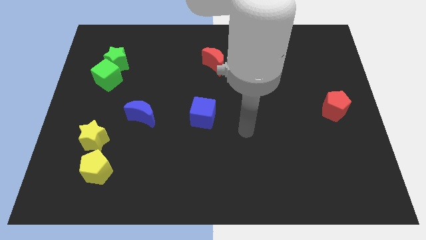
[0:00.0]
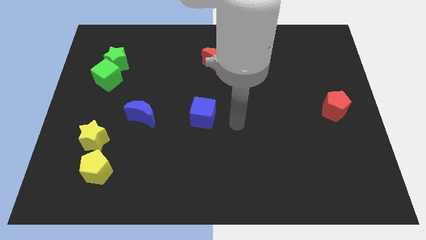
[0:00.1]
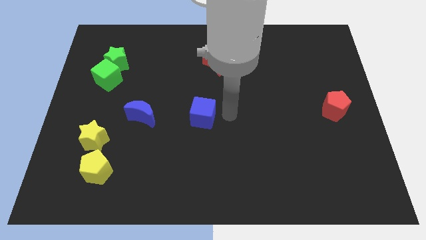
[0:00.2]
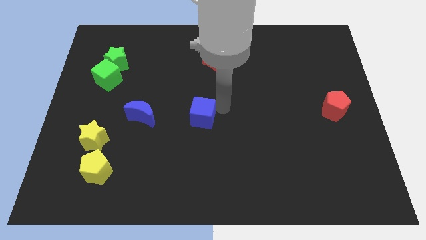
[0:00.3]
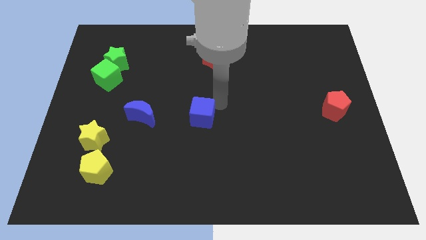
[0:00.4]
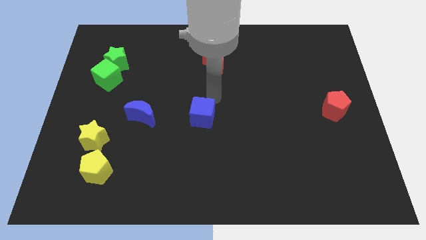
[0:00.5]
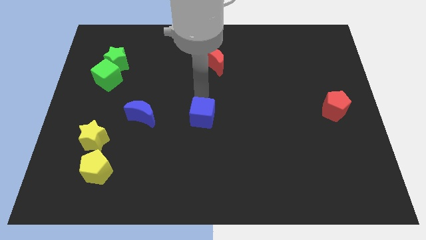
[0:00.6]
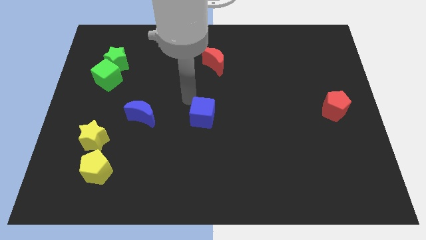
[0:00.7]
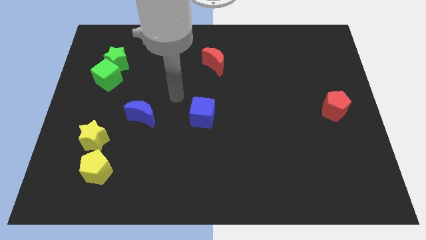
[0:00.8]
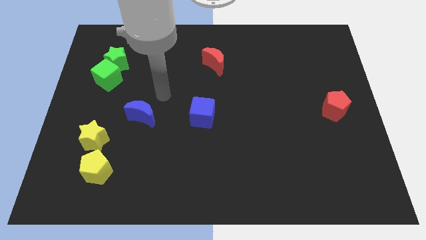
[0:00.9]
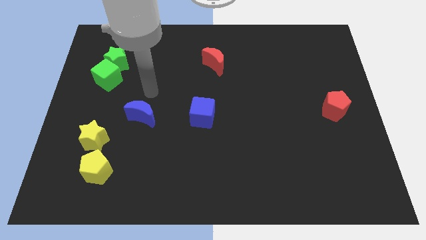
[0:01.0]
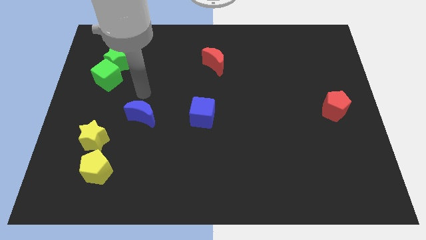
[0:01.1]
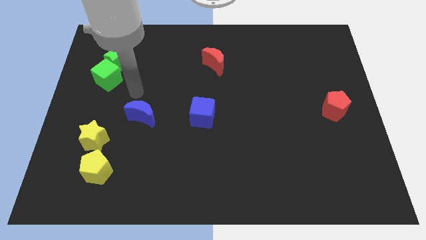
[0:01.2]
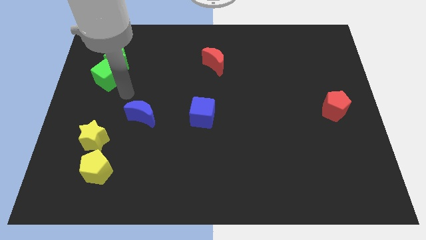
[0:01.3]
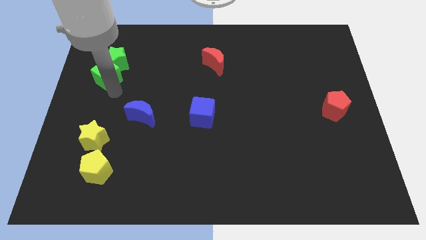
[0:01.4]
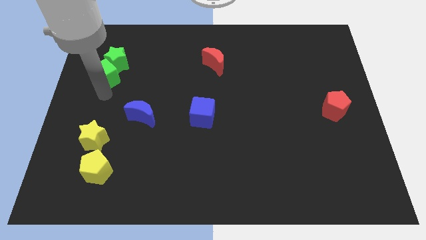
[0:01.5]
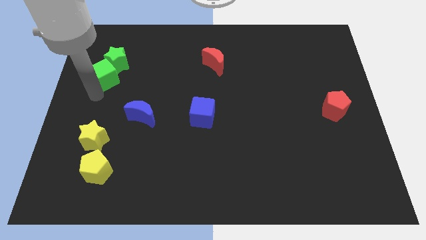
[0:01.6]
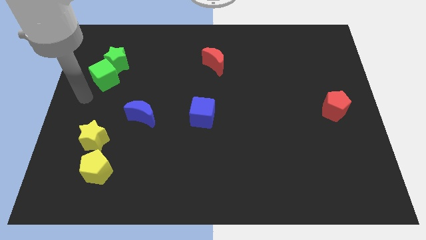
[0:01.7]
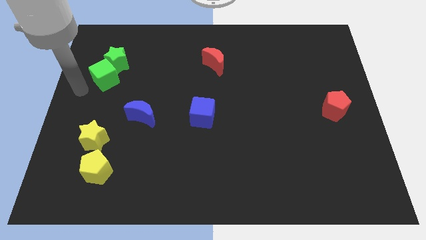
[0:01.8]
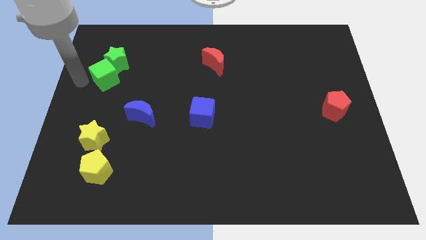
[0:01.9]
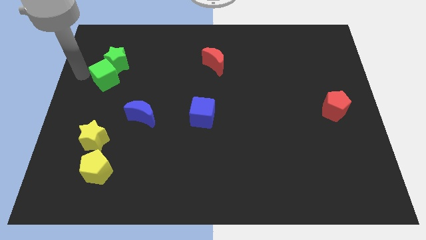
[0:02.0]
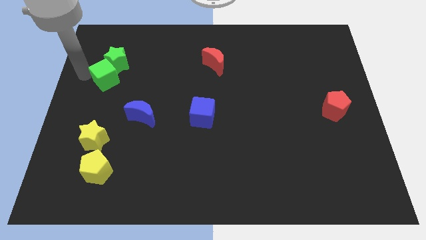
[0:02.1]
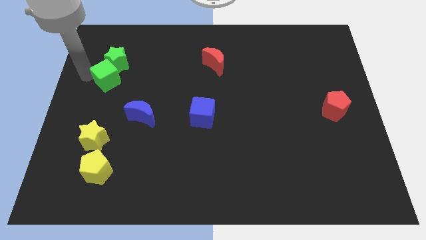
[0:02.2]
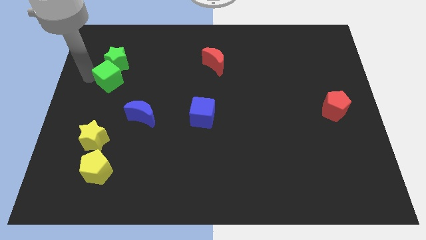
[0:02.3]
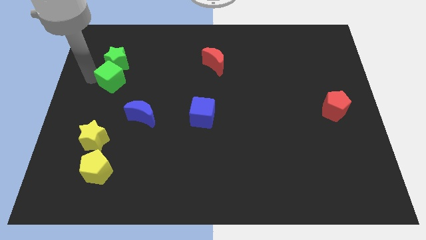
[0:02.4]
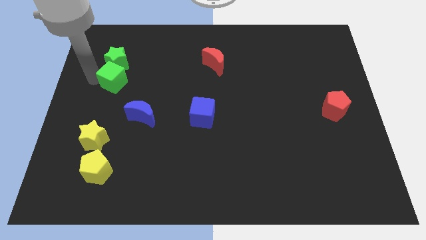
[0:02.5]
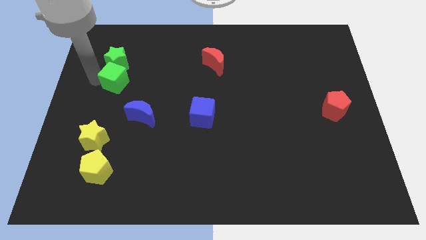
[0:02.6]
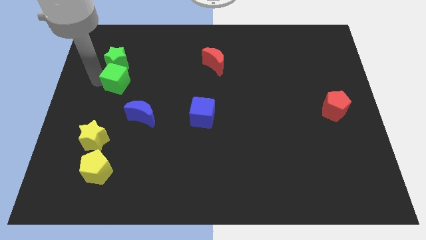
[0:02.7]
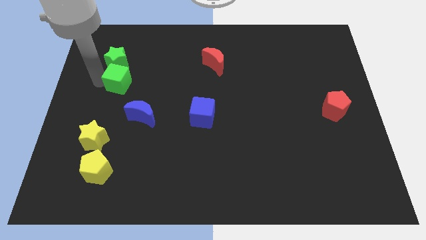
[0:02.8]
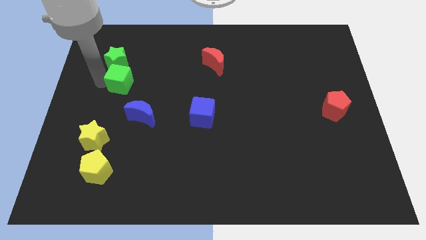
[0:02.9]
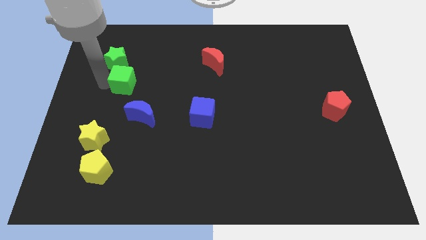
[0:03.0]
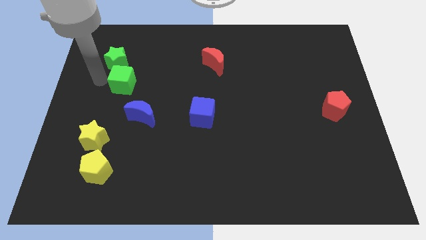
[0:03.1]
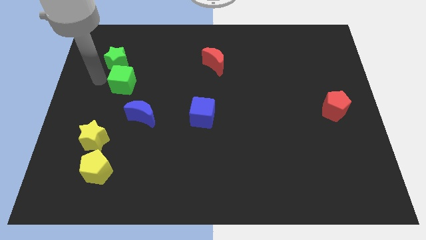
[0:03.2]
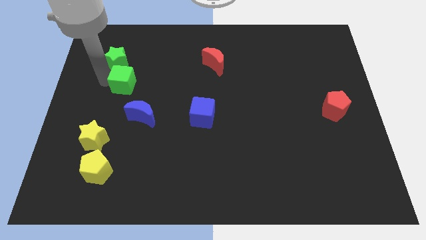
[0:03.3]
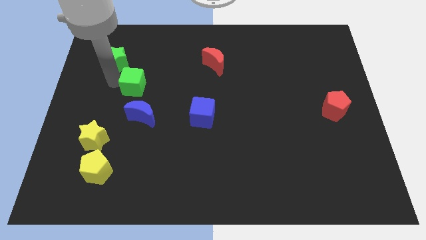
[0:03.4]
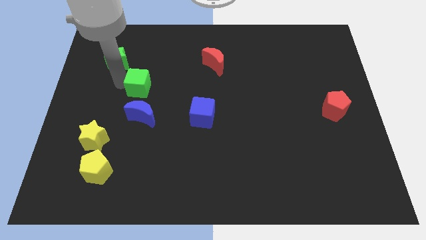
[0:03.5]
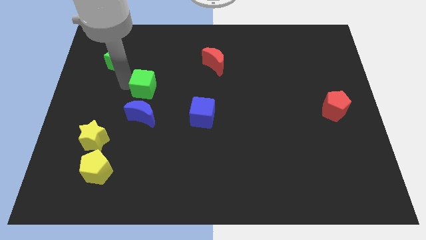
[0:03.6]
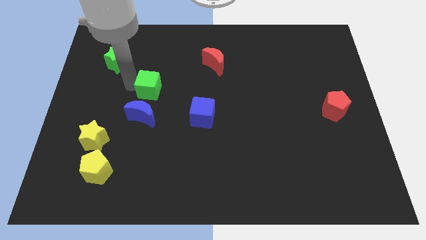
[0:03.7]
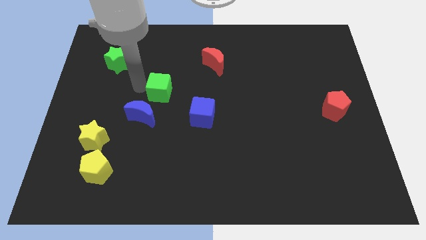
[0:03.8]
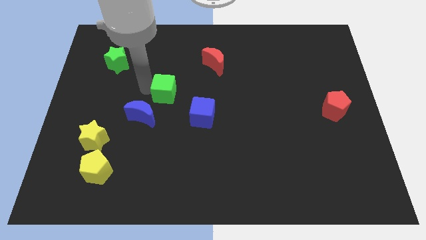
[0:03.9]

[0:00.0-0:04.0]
put the green cube to the middle of the board
=======
# [TO DO]
Each line above should be written out again exactly, and no picture should appear in the copy.

# [YOUR RESPONSE]
[0:00.0]
[0:00.1]
[0:00.2]
[0:00.3]
[0:00.4]
[0:00.5]
[0:00.6]
[0:00.7]
[0:00.8]
[0:00.9]
[0:01.0]
[0:01.1]
[0:01.2]
[0:01.3]
[0:01.4]
[0:01.5]
[0:01.6]
[0:01.7]
[0:01.8]
[0:01.9]
[0:02.0]
[0:02.1]
[0:02.2]
[0:02.3]
[0:02.4]
[0:02.5]
[0:02.6]
[0:02.7]
[0:02.8]
[0:02.9]
[0:03.0]
[0:03.1]
[0:03.2]
[0:03.3]
[0:03.4]
[0:03.5]
[0:03.6]
[0:03.7]
[0:03.8]
[0:03.9]

[0:00.0-0:04.0]
put the green cube to the middle of the board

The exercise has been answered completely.